This easy Mary Berry Ginger Cupcakes recipe is the perfect sweet treat for any occasion. With a soft, spiced cake and a creamy ginger buttercream, these cupcakes are quick to make and bursting with flavour. You can easily adjust the ingredients to suit your taste or what you have on hand!
This Ginger Cupcakes Is From Makes It Easy Cookbook by Mary Berry
Ingredients Needed
For the Cupcakes:
- 115g baking spread (straight from the fridge)
- 75g caster sugar
- 115g black treacle
- 150g self-raising flour
- 1 tsp baking powder
- ½ tsp ground mixed spice
- ½ tsp ground allspice
- ½ tsp ground ginger
- 2 eggs
- 2 tbsp milk
- 7 bulbs of stem ginger from a jar (3 bulbs finely chopped and 4 bulbs very finely sliced into strips)
For the Ginger Buttercream:
- 115g butter (softened)
- 2 tbsp ginger syrup (from the stem ginger jar)
- 225g icing sugar (plus extra for dusting)
How To Make Ginger Cupcakes
- Preheat the Oven & Prepare the Tin: Preheat the oven to 180°C/160°C Fan/Gas 4 and line a 12-hole muffin tin with cupcake cases.
- Mix the Cake Ingredients: Measure the baking spread, caster sugar, black treacle, self-raising flour, baking powder, mixed spice, allspice, and ground ginger into a large bowl. Add the eggs and milk and mix using an electric whisk until light and fluffy. Stir in the finely chopped stem ginger.
- Bake the Cupcakes: Spoon the mixture into the cupcake cases and bake for 20-25 minutes or until well risen. Leave to cool on a wire rack.
- Make the Ginger Buttercream: In a bowl, whisk together the softened butter, ginger syrup, and half the icing sugar until fluffy. Add the remaining icing sugar and whisk again until smooth. Spoon the buttercream into a piping bag fitted with a fluted nozzle.
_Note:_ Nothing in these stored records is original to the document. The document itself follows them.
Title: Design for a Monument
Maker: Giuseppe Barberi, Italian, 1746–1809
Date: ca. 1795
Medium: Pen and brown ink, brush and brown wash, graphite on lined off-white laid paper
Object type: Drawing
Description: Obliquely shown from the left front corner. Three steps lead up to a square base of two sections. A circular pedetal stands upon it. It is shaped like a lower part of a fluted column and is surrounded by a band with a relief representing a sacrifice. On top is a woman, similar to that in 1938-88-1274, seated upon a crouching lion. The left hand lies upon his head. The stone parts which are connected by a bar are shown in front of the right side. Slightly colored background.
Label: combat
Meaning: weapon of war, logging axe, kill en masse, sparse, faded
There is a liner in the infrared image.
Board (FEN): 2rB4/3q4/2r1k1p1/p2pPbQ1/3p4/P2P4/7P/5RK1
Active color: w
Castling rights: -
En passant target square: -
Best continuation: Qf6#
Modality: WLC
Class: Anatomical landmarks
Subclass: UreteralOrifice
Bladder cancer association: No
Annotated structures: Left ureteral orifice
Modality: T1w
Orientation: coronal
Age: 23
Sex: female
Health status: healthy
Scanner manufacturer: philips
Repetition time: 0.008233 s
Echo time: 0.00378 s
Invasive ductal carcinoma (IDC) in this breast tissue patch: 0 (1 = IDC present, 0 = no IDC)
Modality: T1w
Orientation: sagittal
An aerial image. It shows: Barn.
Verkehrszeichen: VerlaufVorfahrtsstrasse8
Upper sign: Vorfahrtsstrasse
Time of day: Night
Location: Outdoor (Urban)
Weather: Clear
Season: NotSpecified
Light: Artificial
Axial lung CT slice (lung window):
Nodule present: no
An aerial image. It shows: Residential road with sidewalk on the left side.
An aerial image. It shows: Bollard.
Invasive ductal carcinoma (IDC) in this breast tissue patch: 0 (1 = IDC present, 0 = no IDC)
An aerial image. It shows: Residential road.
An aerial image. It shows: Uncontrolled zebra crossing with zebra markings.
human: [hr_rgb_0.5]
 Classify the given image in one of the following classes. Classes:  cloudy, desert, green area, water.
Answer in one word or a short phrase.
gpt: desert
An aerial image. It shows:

- Decorate the Cupcakes: Using a sharp knife, cut a shallow circle from the centre of each cupcake. Slice each circle in half to make butterfly wings. Pipe the buttercream into the hole and top with more buttercream. Arrange the butterfly wings in the icing and sprinkle with the sliced stem ginger. Dust with icing sugar for a finishing touch.
Recipe Tips
- Use Cold Butter: Make sure your baking spread is straight from the fridge. Cold butter helps create a fluffier cupcake texture.
- Don’t Overmix: Mix the batter until just combined. Overmixing can make the cupcakes dense instead of light and fluffy.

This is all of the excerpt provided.